Es ist Sonntagnachmittag, die Gänge hinter und unter der Tonhallenbühne sind noch ruhig. Vereinzelt treffen bereits Musiker und Darsteller ein, gewaschene oder reparierte Kostüme werden auf die Garderoben verteilt.
Im kleinen Raum, der hinter dem Orchestergraben liegt, bereiten sich Hugo Bollschweiler und Kurt Pius Koller für die heutige Aufführung vor. Steht Bollschweiler am Dirigentenpult, übernimmt Koller das Einsingen des Chores.
Proben aufgeteilt
Die Dirigenten teilen sich die Aufführungen hälftig. Dass dabei kein Wirrwarr durch verschiedene Interpretationsansätze entsteht, ist einer sorgfältigen und langen Vorbereitungszeit zu verdanken. Kurt Pius Koller, der Mascagnis Meisterwerk schon lange kennt – Teile daraus waren immer wieder mit Chor und Orchester konzertant aufgeführt worden – hatte sich im vergangenen Sommer minutiös eingearbeitet.
«Statt an den Strand zu gehen, blieb ich im Zimmer und studierte die Partitur», erinnert er sich. Anschliessend besprach er mit Hugo Bollschweiler seine Interpretation, die Probenarbeit wurde aufgeteilt. Allfällige Problemzonen wurden im Anschluss an Proben besprochen.
Mit Begeisterung dabei
Hugo Bollschweiler kennt die Opernwelt sehr gut: Er spielt als Bratschist im Zürcher Opernhaus. Nebst vier Laienorchestern und einem Jugendsinfonieorchester, deren musikalischer Leiter er ist, stellt die Wiler Produktion seine erste Opernerfahrung als Dirigent dar. «Wo ich bisher nur die Noten vor mir sah, habe ich nun das ganze Panorama des Orchesters vor mir».

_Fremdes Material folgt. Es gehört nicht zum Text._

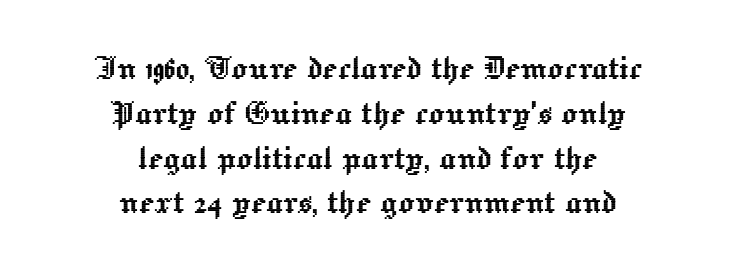
The image shows 40 px text type, upright; set centered, tight line spacing (1.12x), normal letter spacing, not underlined; a medium x-height.
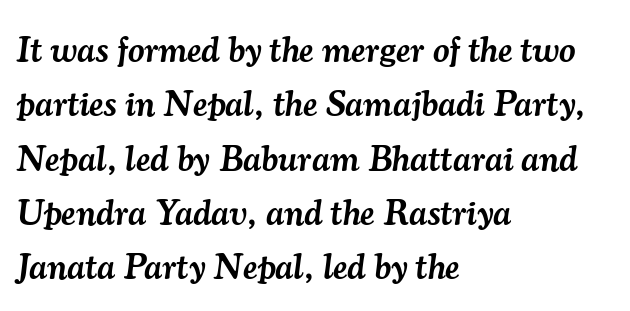
Q: Is the text bold? A: Semi-bold.
Q: Is the text italic (slanted)? A: Yes, it leans right by about 7 degrees.
Q: Is the typeface a serif or a sans-serif typeface? A: Serif.
Q: Is the text underlined? A: No.
Q: How is the paragraph aligned? A: Left-aligned.
Q: Is the spacing between letters normal or unusually wide? A: Normal.
Q: Is the spacing between lines tight, normal or loose? A: Normal.
Q: Width (condensed, normal, or wide)? A: Normal.
Q: Stroke contrast? A: Medium.
Q: x-height? A: Small.
Q: Monospaced? A: No.
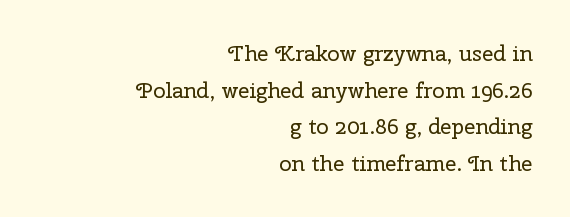
{"italic": "no", "bold": "no", "underline": "no", "align": "right", "line_spacing": "normal", "line_spacing_ratio": 1.67, "letter_spacing": "normal", "letter_spacing_em": 0.0, "glyph_px": 22}
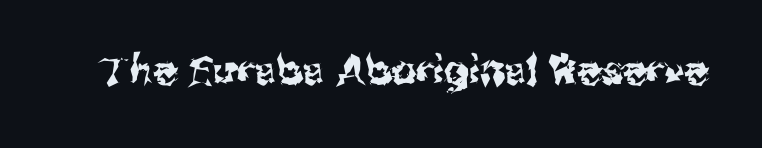
Q: Is the text italic (slanted)? A: No, it is upright.
Q: Is the typeface a serif or a sans-serif typeface? A: Sans-serif.
Q: Is the text underlined? A: No.
Q: Is the spacing between letters normal or unusually wide? A: Normal.
Q: Width (condensed, normal, or wide)? A: Normal.
Q: Stroke contrast? A: Medium.
Q: x-height? A: Medium.
Q: Monospaced? A: No.
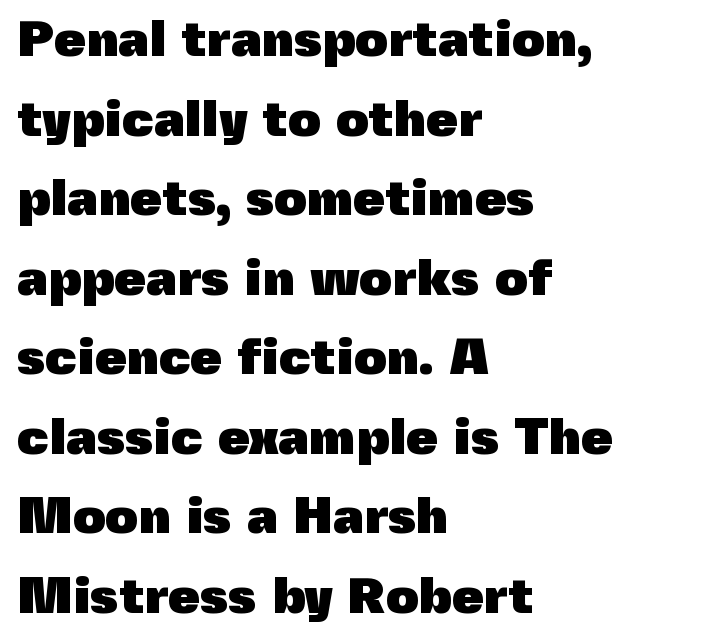
A normal amount of white space separates one row of letters from the next. Observe the ordinary spacing: letters are neighbours, not strangers. This sample uses an upright cut, with every glyph sitting square on the baseline. Underline: absent.

Dieser Perspektivenwechsel ist für Bollschweiler eine spannende Herausforderung, der er sich mit Begeisterung widmet. Für ihn war während der Probenphase vor allem die Wechselwirkung zwischen Musik und szenischer Darstellung spannend: Was kann die Musik dazu beitragen?
Spannungsfeld Bühne
Koller kennt die Wiler Opernwelt schon lange und ist sich der Spannung zwischen Musik und Bühne bewusst. Für Laiendarsteller ist es ungemein schwierig, sich während der szenischen Darstellung an alles zu erinnern, was in den musikalischen Proben erarbeitet wurde. Feinheiten können verloren gehen, das Spielen der Rolle kann von Einsätzen ablenken.
Doch Koller ist sich bewusst, dass er hier nicht den gleichen Massstab ansetzen darf wie bei einer konzertanten Aufführung und tritt bildlich gerne einen kleinen Schritt zurück. Zumal die Inszenierung durch Regina Heer grossen Wert auf die individuelle Figurensprache des Chores legt, was ein immens grosser Sympathiepunkt dieser Produktion ist.
Homogener Klang
Dennoch ist die «Cavalleria rusticana» für den Chor ein grossartiges Werk, auf das man gewartet habe: «Dem Chor kommt eine sehr tragende Rolle zu», erläutert Koller die Rolle der Sängerinngen und Sänger. Weit darüber hinaus, nur als Statist zu fungieren, ist der Chor enorm präsent und hat eine tragende Aufgabe. Koller hat Freude an seinem Chor, der v. a. bei den Männerstimmen mit Zuzügern ergänzt wurde.
Es war nicht einfach, in der relativ kurzen Zeit einen solch homogenen Klang zu erarbeiten. Immens wichtig dabei ist das Einsingen vor den Aufführungen, gerade für die Sonntagnachmittags-Vorstellungen, wenn die Erholungszeit vom Vorabend nicht sehr lange war. Doch bevor es an die Arbeit geht, tauschen die beiden Dirigenten noch rasch einen neuen Bratschenwitz aus.